Jamie aka jamie granthm bellend burton or newly known as lassy (story coming soon as of why)has another new haircut! its basically the same but his split ends have gone bah to his hours on record of constant straightening. not much to post really it still looks tremendously homoified (yes thats a word pronounced HO-MO-I-FIED) send a letter to oxford dictionary theyve got my back. hold tight oxford back en da endz.

-------------------------------------------------------------------------------------

done with the gay bender news heres some skate board shit. something like a phenomenon!




probably the sickest part out and its older than i am!
wooooooaaahhhhhhh`

Thursday, 29 October 2009

BIG NEWS

Recently i have found that barracuda, yes the shitty night club in derby near shake out and strand arcade. well evidently smells horrifically like vagina! not the nice kind!
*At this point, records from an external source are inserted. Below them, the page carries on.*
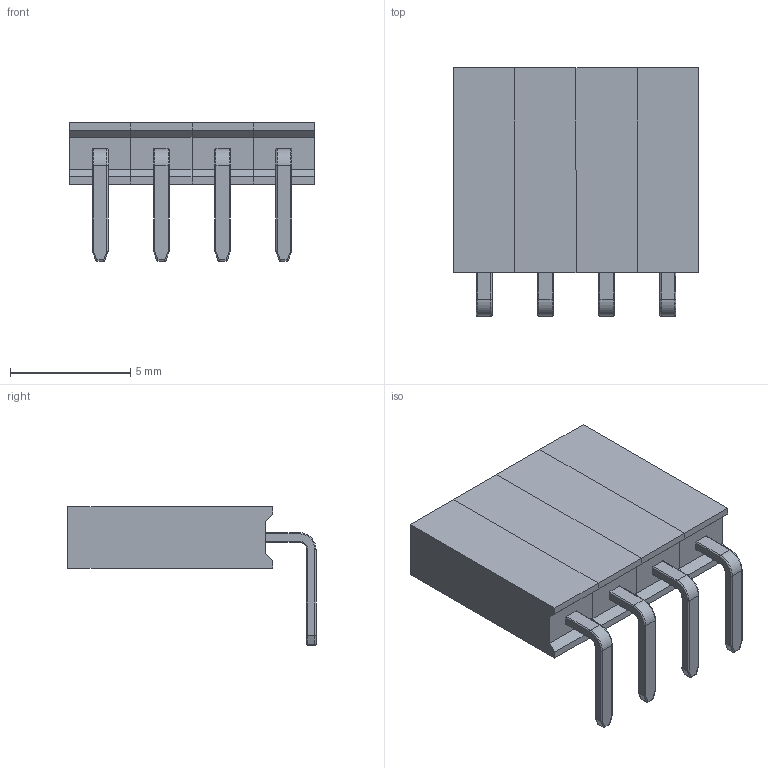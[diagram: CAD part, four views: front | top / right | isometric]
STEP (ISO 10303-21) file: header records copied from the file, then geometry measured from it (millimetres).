
FILE_DESCRIPTION(/* description */ (''),/* implementation_level */ '2;1');
FILE_NAME(/* name */ 'Female Pin Header 01x04 Right Angle.stp',/* time_stamp */ '2019-11-26T16:12:42+01:00',/* author */ ('Bernd das Brot'),/* organization */ (''),/* preprocessor_version */ 'ST-DEVELOPER v18',/* originating_system */ 'Autodesk Inventor 2020',/* authorisation */ '');
FILE_SCHEMA (('AUTOMOTIVE_DESIGN { 1 0 10303 214 3 1 1 }'));
Length unit declared in the file: millimetre
Products named in the file (2): Female Pin Header 01x04 Right Angle; Female Pin Header 1x Right Angle
Assembly tree (4 placements, depth 2):
  Female Pin Header 01x04 Right Angle
    Female Pin Header 1x Right Angle  x4
Bounding box: 10.16 x 10.3 x 5.74 mm (x, y, z)
Volume: 116.9 mm3; surface area: 767.1 mm2
Topology: 4 solids, 4 shells, 648 faces, 1496 edges, 848 vertices
Faces by surface type: cylinder 292, plane 188, sphere 80, torus 72, bspline 16
Entity records: 4869 total; most frequent: CARTESIAN_POINT 870, DIRECTION 862, ORIENTED_EDGE 740, EDGE_CURVE 370, AXIS2_PLACEMENT_3D 332, VERTEX_POINT 212, LINE 198, VECTOR 198

eeeuuuurrrgggggggghhhhhhhhhhhhhh

some real comedy :)


http://www.youtube.com/watch?v=gzV6fpSnkh0

I have something new to post finally

Due to the actual fact my life isnt very eventful, recently it has been and of what i thought would be easy to manage and would be updated promptly (aka the blog) loadsa shit happened (good and bad) and i didnt have time too. also i only know of 2 people who have seen the blog. YAY! popularity was never my nature. and another reason for the lack of posts is i forgot my password. also other users are coming soon once i remember to tell them to sign up and what not so to dave the only person who will probably ever read this hello.

oh also tom will be a genuine user also chris popp. i havent really decided if jamie is cool enough for this kinda stuff. by cool i actually mean straight (sexuality wise) i mean we cant be having ads posted for hair products on here can we?


happy spacking fuckers.

Monday, 21 September 2009

will smith can put marbles in my bum and nostrels any day

His funky shirts harden me

the shitting birth of another oh so similar blog, hopefully to live a long life.

The words coming to your eyes (if you arent visually impeared) from binch.
other users on this blog, i was just bored enough to make it and havent contacted them night night muff munchers.